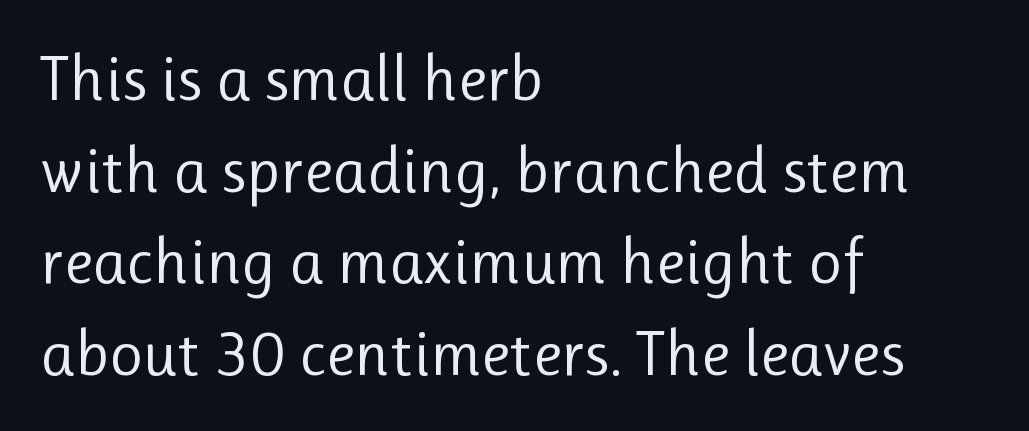
Q: Is the text bold? A: No.
Q: Is the text italic (slanted)? A: No, it is upright.
Q: Is the typeface a serif or a sans-serif typeface? A: Sans-serif.
Q: Is the text underlined? A: No.
Q: How is the paragraph aligned? A: Left-aligned.
Q: Is the spacing between letters normal or unusually wide? A: Normal.
Q: Is the spacing between lines tight, normal or loose? A: Normal.
Q: Width (condensed, normal, or wide)? A: Normal.
Q: Stroke contrast? A: Low.
Q: x-height? A: Medium.
Q: Monospaced? A: No.
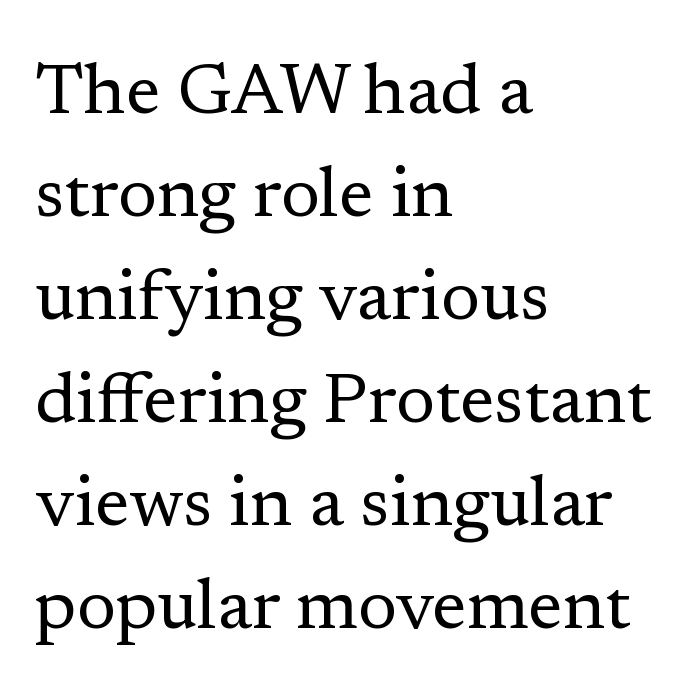
The image shows 71 px regular-weight serif type, upright; set left-aligned, normal line spacing (1.45x), normal letter spacing, not underlined; low stroke contrast and a medium x-height.
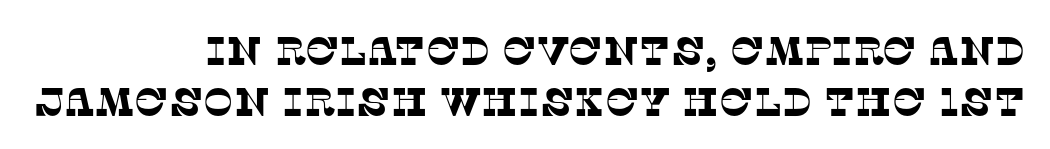
Q: Is the typeface a serif or a sans-serif typeface? A: Serif.
Q: Is the text underlined? A: No.
Q: How is the paragraph aligned? A: Right-aligned.
Q: Is the spacing between letters normal or unusually wide? A: Normal.
Q: Is the spacing between lines tight, normal or loose? A: Normal.
Q: Width (condensed, normal, or wide)? A: Normal.
Q: Stroke contrast? A: Low.
Q: x-height? A: Large.
Q: Monospaced? A: No.

************

▶ Directions for this task
The lines wanted are those from the one containing "Q: How is the paragraph aligned? A: Right-aligned." through the last line of the listing above. Repeat them exactly.

▶ Response area
Q: How is the paragraph aligned? A: Right-aligned.
Q: Is the spacing between letters normal or unusually wide? A: Normal.
Q: Is the spacing between lines tight, normal or loose? A: Normal.
Q: Width (condensed, normal, or wide)? A: Normal.
Q: Stroke contrast? A: Low.
Q: x-height? A: Large.
Q: Monospaced? A: No.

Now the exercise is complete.